(Data supplied begins)
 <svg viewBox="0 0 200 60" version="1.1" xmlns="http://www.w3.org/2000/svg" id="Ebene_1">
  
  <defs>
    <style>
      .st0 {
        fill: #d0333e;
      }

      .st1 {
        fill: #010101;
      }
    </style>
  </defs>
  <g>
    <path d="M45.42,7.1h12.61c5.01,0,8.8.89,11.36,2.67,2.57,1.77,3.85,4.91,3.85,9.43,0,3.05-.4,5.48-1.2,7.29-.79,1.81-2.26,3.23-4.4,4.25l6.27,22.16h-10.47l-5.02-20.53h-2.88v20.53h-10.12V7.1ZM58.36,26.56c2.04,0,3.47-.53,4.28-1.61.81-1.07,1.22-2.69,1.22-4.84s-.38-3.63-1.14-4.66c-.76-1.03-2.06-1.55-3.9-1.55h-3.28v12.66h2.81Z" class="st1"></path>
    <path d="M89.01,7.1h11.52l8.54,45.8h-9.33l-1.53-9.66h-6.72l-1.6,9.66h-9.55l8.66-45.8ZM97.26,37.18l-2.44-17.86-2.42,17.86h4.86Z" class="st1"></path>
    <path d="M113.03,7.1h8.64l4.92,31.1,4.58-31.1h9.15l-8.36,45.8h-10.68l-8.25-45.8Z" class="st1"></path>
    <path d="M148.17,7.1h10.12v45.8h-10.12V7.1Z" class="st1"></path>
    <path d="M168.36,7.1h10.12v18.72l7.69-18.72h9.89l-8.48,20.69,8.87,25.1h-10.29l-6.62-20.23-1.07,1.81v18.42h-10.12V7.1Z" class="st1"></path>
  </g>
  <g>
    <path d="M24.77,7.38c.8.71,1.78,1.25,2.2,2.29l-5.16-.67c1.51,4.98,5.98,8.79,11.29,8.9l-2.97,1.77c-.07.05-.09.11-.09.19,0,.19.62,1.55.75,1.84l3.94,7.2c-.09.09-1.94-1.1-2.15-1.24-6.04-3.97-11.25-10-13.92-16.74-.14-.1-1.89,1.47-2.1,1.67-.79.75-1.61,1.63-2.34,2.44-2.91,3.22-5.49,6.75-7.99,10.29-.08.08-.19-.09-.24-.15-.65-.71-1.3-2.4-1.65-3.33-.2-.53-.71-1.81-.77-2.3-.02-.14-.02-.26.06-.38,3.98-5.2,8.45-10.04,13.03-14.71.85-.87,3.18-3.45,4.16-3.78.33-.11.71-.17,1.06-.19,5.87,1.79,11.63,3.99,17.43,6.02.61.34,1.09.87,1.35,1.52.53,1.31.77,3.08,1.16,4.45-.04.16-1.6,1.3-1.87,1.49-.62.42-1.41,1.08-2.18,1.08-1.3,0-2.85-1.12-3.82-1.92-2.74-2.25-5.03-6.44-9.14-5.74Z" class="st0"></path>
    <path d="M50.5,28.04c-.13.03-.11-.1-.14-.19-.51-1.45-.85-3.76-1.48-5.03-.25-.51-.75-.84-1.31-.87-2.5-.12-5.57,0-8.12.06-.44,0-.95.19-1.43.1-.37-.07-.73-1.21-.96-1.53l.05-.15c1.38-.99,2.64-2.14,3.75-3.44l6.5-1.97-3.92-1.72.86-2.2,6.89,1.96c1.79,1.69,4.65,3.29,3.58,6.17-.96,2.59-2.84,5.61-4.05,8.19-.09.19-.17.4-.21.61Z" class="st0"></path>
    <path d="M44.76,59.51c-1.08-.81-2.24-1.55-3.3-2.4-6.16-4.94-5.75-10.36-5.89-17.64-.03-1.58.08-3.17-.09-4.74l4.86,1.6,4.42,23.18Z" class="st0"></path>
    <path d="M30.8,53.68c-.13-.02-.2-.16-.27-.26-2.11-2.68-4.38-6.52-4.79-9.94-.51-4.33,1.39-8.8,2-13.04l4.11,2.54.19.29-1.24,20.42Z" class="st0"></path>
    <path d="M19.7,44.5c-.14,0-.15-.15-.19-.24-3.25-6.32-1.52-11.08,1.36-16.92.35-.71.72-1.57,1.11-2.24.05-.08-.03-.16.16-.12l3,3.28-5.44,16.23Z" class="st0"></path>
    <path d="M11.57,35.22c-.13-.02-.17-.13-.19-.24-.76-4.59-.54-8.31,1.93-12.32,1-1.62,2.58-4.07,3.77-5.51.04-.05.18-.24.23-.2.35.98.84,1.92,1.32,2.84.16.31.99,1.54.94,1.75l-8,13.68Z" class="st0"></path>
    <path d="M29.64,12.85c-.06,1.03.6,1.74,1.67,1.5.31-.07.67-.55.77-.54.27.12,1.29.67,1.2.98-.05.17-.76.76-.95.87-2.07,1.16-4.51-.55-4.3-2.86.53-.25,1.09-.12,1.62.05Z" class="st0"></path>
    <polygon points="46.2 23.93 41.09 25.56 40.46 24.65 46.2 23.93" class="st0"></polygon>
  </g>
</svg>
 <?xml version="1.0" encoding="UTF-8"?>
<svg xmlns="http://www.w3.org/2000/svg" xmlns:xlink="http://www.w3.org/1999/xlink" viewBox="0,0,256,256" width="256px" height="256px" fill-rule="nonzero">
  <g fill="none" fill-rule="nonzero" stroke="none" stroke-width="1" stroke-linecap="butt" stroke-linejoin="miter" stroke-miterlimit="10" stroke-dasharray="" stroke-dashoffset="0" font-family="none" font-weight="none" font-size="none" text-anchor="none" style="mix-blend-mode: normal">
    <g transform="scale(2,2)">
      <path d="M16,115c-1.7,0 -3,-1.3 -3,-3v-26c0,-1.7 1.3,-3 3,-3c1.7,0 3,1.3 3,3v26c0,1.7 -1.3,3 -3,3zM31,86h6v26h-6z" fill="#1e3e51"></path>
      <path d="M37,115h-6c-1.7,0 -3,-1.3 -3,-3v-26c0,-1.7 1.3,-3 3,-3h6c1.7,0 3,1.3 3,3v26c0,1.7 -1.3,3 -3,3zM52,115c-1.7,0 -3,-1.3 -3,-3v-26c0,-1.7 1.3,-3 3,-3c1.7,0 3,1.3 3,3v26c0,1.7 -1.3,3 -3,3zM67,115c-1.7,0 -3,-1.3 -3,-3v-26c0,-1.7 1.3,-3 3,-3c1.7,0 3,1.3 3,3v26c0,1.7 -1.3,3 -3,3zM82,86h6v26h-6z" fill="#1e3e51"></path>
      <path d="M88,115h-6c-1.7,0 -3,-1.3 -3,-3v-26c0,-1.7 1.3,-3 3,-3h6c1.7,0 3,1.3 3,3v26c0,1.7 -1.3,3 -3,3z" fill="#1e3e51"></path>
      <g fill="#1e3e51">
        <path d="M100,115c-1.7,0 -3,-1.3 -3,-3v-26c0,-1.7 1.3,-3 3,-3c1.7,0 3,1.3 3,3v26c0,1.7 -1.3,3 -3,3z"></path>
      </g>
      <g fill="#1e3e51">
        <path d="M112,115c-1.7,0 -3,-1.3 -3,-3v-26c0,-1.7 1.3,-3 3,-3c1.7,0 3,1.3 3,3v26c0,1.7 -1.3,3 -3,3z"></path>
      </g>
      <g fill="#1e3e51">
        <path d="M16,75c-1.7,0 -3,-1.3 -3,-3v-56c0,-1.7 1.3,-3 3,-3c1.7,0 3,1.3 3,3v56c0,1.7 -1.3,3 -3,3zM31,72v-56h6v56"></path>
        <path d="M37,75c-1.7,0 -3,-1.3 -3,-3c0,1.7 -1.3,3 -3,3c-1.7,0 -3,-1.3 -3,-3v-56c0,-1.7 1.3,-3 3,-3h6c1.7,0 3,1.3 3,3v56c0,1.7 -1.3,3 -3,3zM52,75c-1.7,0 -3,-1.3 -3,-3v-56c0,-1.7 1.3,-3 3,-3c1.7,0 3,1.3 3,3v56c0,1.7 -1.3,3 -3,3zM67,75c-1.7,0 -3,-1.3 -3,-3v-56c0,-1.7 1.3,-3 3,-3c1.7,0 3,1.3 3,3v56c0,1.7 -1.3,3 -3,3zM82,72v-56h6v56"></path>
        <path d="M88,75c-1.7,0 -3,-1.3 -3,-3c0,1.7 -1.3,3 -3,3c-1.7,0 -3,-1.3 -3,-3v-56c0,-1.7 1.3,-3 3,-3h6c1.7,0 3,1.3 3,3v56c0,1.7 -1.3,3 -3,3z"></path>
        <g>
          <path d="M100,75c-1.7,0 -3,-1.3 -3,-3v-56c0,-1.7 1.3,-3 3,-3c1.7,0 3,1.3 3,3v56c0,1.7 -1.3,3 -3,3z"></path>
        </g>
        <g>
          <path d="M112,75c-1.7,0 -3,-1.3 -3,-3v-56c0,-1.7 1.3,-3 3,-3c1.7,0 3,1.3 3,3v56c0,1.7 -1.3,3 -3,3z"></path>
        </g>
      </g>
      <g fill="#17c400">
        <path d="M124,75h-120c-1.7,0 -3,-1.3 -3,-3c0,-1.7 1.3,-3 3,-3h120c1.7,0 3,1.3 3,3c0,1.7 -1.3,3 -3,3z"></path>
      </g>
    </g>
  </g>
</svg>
(Data supplied ends)
* _What you will do_:
Work through the records line by line and tally those holding "xmlns". Reply with the number alone.

* _Result below_:
2